How do you support players in engaging with things that could be difficult to address like threats to home and family and trauma?
When
I started writing Hit the Streets: Defend the Block, I made a decision to have
it reflect the ways I most enjoy gaming, which is with an engaged and safe
group of friends. To that end, the book starts with an excellent discussion of
the X Card safety tool written by my late friend Paul Edson who was also my
developmental editor. The game stresses that the safety tool is only part of
the process, that each participant needs to look out for their fellow players,
check in, and proceed with best intentions while remaining aware that we are
here to have fun.
The
GM section covers Roses and Thorns, my feedback tool of choice. This is another
powerful tool to ensure safety, giving voice to players after a session on
areas of the game that may have been sketchy. Of course, my preference is the
use of the X Card up front, but a Thorn that mentions the content is a nice
fail-safe.
One
important factor to Hts:DtB is that it isn’t supposed to be a grind of a game.
There are lighter moments in the game with Refresh scenes where the player
characters take the opportunity to perform charity work to improve their
neighborhood and help out their neighbors.
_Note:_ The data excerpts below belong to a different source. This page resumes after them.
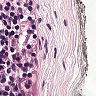
Metastatic tissue present: no
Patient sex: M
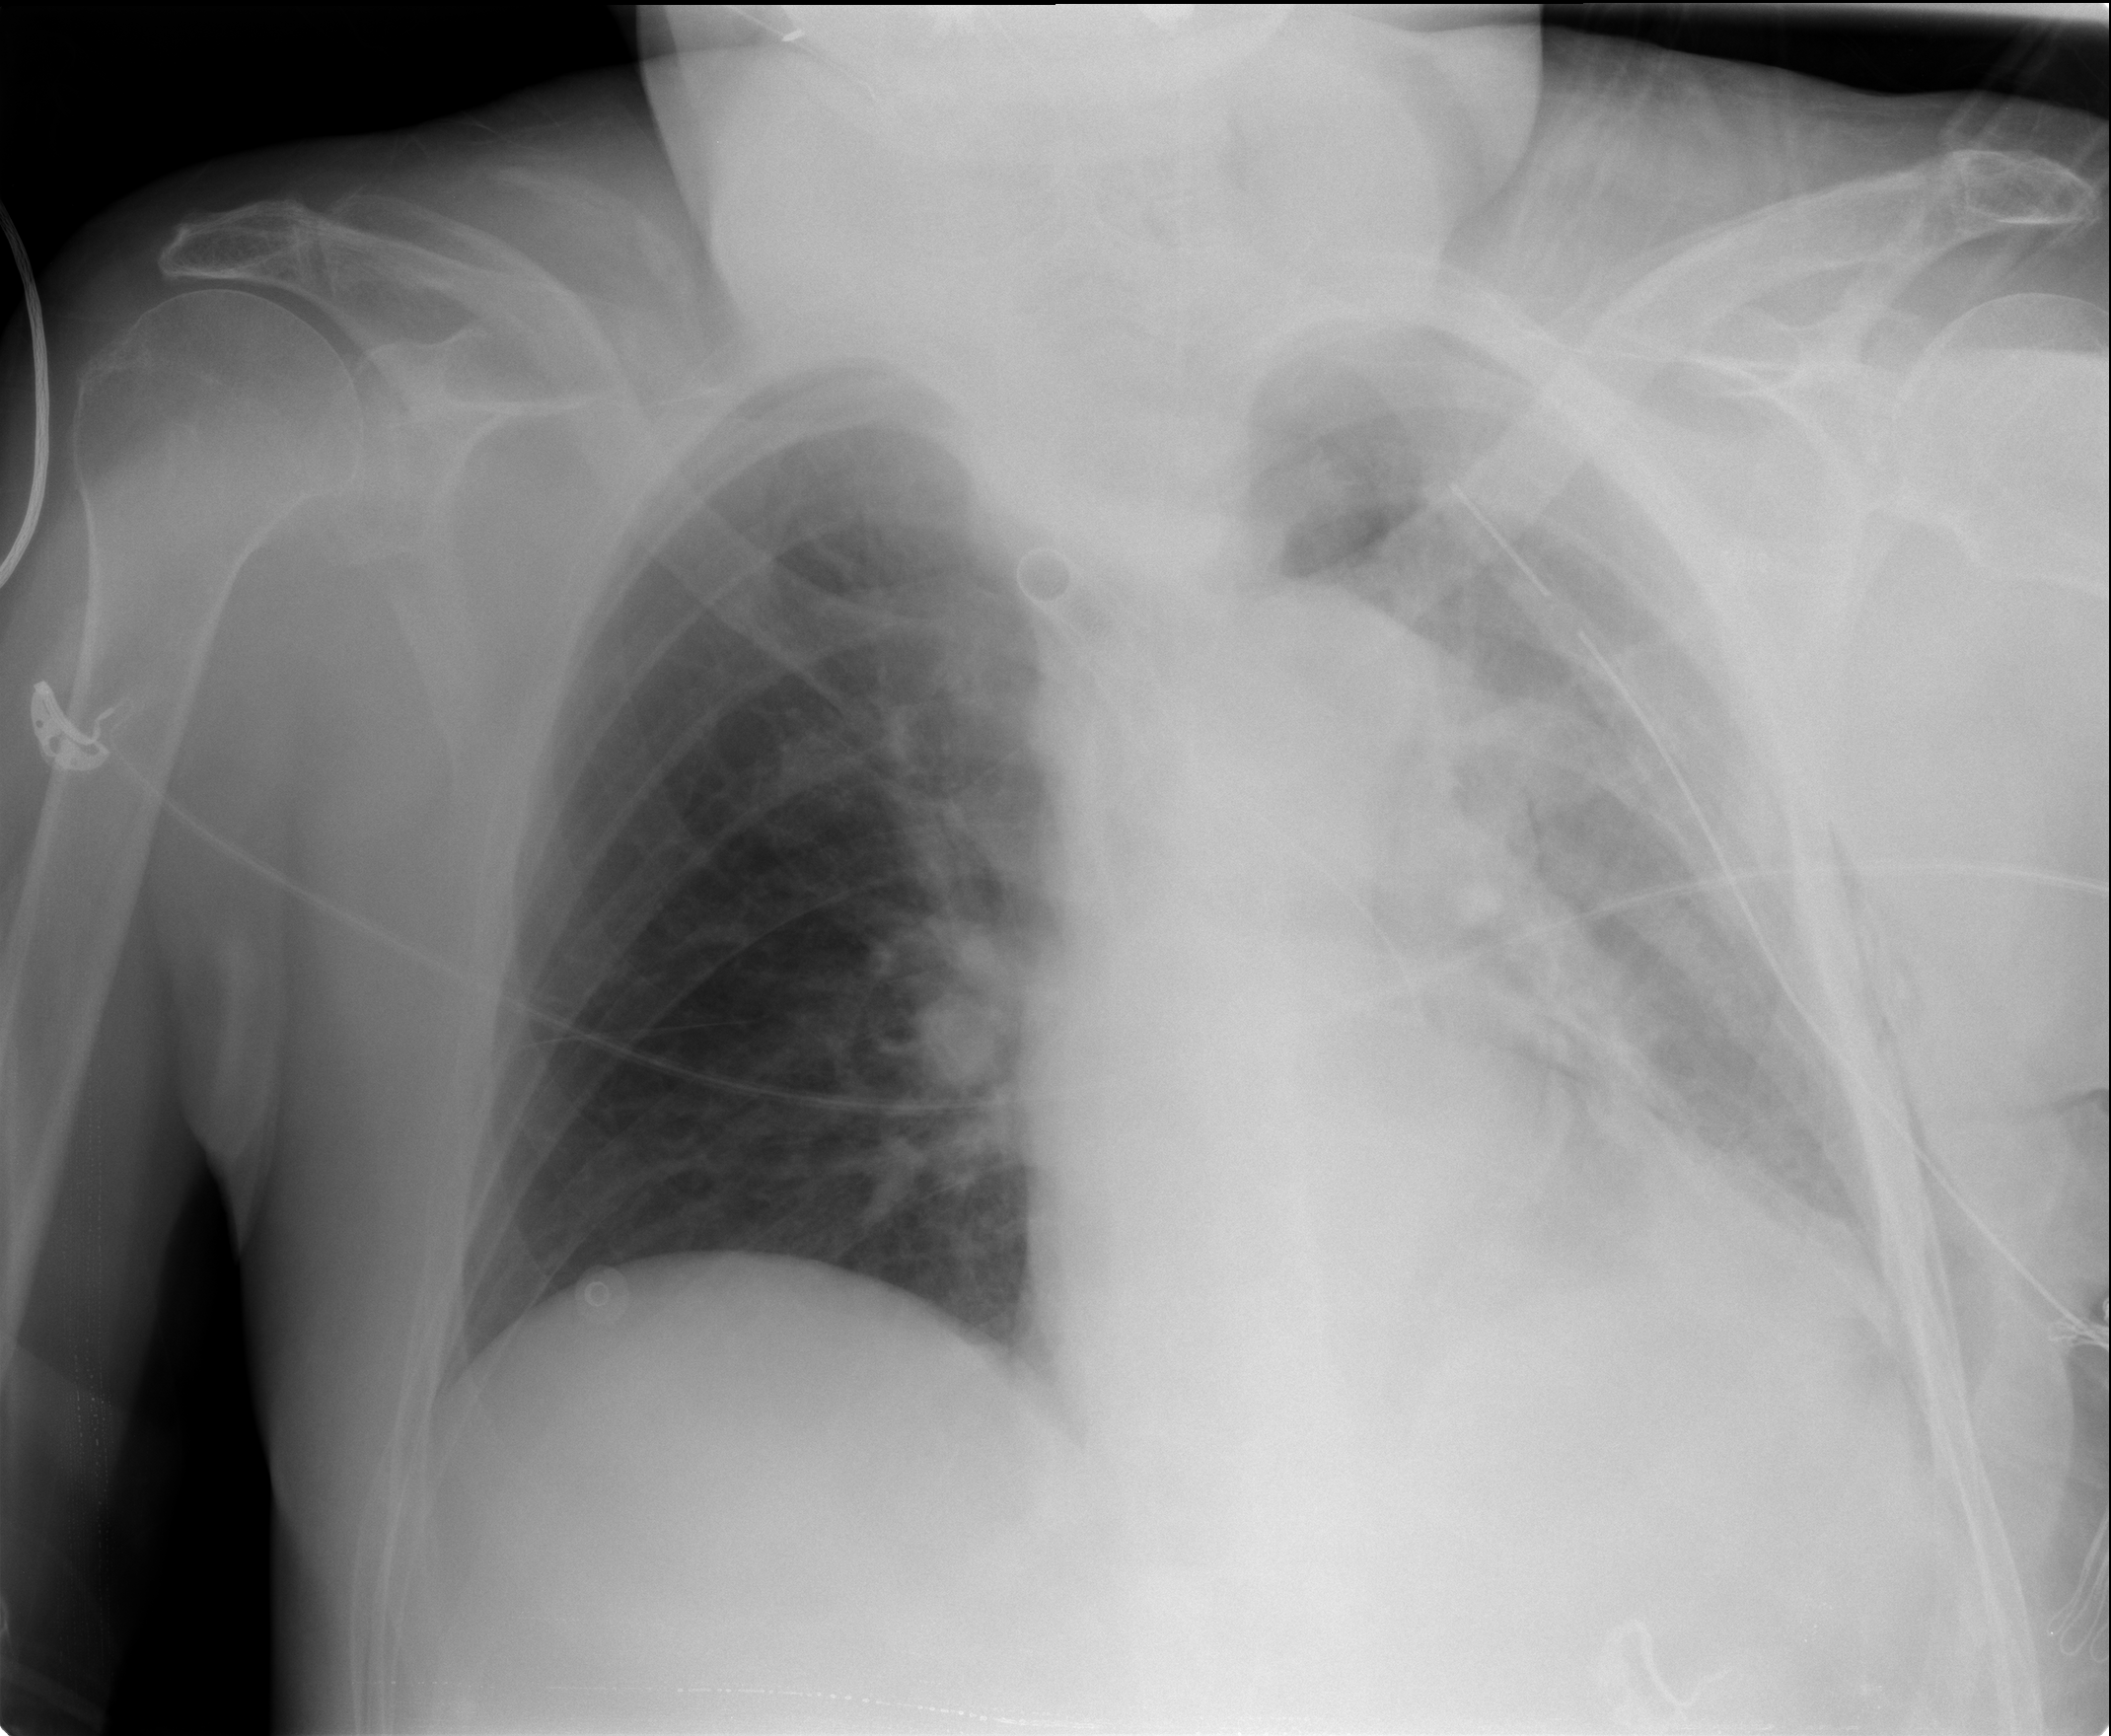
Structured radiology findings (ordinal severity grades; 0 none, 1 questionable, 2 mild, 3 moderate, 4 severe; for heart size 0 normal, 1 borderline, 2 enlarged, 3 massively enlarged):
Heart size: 2
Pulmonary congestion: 0
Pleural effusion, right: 0
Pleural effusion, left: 0
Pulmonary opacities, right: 0
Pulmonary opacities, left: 0
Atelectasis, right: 0
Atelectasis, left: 3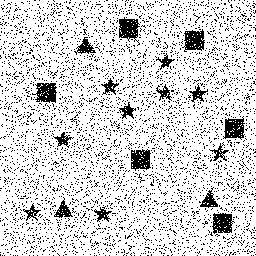
Squares: 6
Triangles: 3
Stars: 9
Total shapes: 18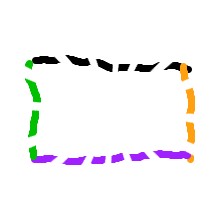
Shape: rectangle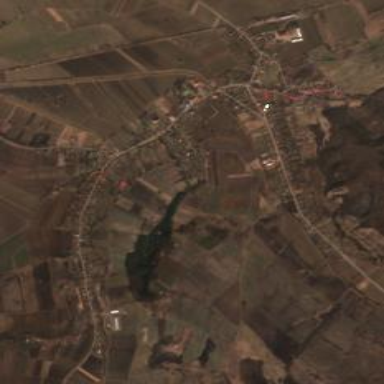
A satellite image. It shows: Residential area in village.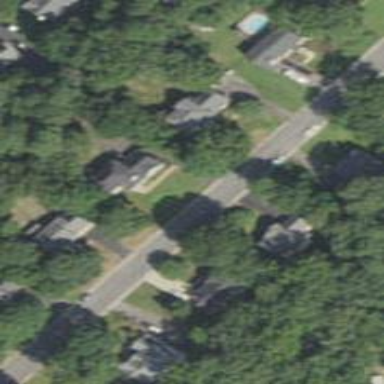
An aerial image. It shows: Driveway leading to service road.
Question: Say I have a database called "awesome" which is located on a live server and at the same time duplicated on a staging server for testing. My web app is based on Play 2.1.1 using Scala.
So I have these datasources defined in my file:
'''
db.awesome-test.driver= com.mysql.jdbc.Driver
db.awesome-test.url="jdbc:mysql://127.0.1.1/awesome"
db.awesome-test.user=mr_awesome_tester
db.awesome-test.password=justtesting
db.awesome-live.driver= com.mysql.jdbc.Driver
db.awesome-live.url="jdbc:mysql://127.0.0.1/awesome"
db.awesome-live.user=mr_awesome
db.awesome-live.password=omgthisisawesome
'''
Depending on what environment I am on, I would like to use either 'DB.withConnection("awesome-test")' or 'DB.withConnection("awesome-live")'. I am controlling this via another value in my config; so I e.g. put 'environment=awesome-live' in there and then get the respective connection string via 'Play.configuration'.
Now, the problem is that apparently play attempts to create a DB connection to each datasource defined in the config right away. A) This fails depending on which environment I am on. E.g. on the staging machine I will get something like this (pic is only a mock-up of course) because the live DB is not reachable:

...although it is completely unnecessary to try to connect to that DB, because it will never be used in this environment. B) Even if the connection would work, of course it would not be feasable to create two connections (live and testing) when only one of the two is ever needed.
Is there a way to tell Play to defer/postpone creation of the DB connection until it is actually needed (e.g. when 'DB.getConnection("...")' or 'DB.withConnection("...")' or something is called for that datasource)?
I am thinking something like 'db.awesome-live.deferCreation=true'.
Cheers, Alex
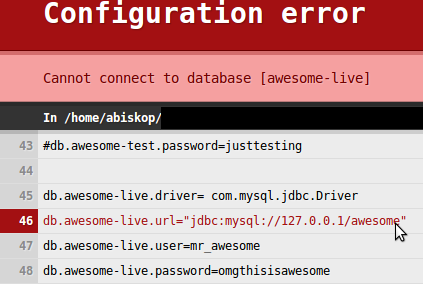
Answer: I'd say that you have two ways of doing this.
Everything is explained at the Play! Documentation: <URL>
### Specifying alternative configuration file
'test.conf'
'''
db.awesome.driver= com.mysql.jdbc.Driver
db.awesome.url="jdbc:mysql://127.0.1.1/awesome"
db.awesome.user=mr_awesome_tester
db.awesome.password=justtesting
'''
'live.conf'
'''
db.awesome.driver= com.mysql.jdbc.Driver
db.awesome.url="jdbc:mysql://127.0.0.1/awesome"
db.awesome.user=mr_awesome
db.awesome.password=omgthisisawesome
'''
In code you always use 'DB.withConnection("awesome")'.
Start the application with
'''
$ start -Dconfig.resource=test.conf
'''
or
'''
$ start -Dconfig.resource=live.conf
'''
### Overriding specific configuration keys
In your case that means:
'''
$ start -Ddb.awesome-live.deferCreation=true
'''
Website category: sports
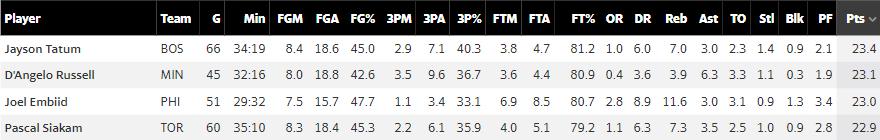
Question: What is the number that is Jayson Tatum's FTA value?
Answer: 4.7

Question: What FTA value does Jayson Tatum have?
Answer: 4.7

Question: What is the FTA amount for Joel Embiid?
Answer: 8.5

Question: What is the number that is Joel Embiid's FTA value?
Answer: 8.5

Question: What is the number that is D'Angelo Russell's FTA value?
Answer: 4.4

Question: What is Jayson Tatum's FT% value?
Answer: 81.2

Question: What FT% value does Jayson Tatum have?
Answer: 81.2

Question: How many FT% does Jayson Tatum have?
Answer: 81.2

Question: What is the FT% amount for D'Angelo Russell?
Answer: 80.9

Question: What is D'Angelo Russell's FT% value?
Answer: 80.9

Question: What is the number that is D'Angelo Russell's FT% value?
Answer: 80.9

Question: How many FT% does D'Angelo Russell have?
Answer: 80.9

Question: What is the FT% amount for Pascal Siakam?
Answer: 79.2

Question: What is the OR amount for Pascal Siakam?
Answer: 1.1

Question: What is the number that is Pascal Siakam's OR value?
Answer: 1.1

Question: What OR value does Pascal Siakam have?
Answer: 1.1

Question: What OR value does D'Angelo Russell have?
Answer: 0.4

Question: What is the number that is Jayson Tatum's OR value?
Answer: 1.0

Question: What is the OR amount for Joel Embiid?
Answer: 2.8

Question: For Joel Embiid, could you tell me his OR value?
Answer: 2.8

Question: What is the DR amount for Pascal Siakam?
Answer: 6.3

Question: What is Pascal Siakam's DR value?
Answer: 6.3

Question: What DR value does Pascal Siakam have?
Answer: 6.3

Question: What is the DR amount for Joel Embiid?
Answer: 8.9

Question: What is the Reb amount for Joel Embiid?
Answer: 11.6

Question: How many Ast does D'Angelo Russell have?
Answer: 6.3

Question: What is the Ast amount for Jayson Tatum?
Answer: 3.0

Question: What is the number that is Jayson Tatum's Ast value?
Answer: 3.0

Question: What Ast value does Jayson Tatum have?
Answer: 3.0

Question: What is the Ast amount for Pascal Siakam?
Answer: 3.5

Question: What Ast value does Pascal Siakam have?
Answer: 3.5

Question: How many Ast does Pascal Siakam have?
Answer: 3.5

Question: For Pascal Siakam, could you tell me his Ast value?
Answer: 3.5

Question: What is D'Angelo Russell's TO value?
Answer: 3.3

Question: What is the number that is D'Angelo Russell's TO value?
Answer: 3.3

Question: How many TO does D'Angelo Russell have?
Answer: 3.3

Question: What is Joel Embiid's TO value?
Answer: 3.1

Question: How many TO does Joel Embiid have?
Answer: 3.1

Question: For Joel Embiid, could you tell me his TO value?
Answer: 3.1

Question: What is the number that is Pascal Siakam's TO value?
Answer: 2.5

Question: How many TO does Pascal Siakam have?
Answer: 2.5

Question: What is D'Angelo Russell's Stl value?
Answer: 1.1

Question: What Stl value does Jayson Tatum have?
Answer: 1.4

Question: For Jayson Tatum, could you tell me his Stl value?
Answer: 1.4

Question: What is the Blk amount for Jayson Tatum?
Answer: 0.9

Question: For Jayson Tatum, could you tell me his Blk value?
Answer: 0.9

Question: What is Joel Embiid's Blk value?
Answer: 1.3

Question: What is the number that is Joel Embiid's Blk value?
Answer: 1.3

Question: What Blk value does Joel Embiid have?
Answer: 1.3

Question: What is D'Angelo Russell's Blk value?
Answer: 0.3

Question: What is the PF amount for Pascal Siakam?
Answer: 2.8

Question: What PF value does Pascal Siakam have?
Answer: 2.8

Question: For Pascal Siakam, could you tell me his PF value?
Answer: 2.8

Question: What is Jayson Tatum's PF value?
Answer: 2.1

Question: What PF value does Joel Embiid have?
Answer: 3.4

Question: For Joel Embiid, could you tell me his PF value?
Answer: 3.4

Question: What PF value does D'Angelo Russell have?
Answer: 1.9

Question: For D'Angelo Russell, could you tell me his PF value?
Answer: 1.9

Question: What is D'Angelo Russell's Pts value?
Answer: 23.1

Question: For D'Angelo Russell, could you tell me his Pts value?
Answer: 23.1

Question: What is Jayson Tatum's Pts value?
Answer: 23.4

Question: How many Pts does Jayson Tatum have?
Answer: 23.4

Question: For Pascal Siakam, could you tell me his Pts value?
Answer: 22.9

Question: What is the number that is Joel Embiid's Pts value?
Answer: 23.0

Also, there are bonding scenes where
player characters strengthen their connection to one another to lift themselves
up to continue the fight.
What are some of the threats these superpowered characters encounter in their experiences, and how does it go down mechanically with some different threats?
During the first session, the
playgroup works together to not only draw out their neighborhood, but they talk
about the threats to their home, whether it’s financial, corruption, or
otherwise. Then, they create a group of Rivals, these are GM-played characters
(GMCs) who are opposed to the player characters. They aren’t black and white
villains, they are rivals. Sometimes they seem villainous to the
players, but the GM should ensure they have a motivation. Also, the rivalry is
messy. At least one player character has a personal relationship of some kind
with a member of the rival team, the rivals have something the PCs lack, and
the PCs have some way to thwart their rivals when they need it. That sets up a
nice opposition between the team and the world.
Mechanically, your characters will
face down threats and conflicts by declaring their intention, then they look
through their character’s details to pull from different areas, like the mode
of their approach, the stat they’re leaning on, if they’re fulfilling their
team role, what powers, if any, are in play, then adding in Spark from their
own pool or from anyone who’s trying to help. That builds their die pool of
six-sided dice that they roll against a GM declared difficulty. In most
conflicts, it’s a single roll to bring things to a resolution. The system is
quick and has a nice bite when things are on the line.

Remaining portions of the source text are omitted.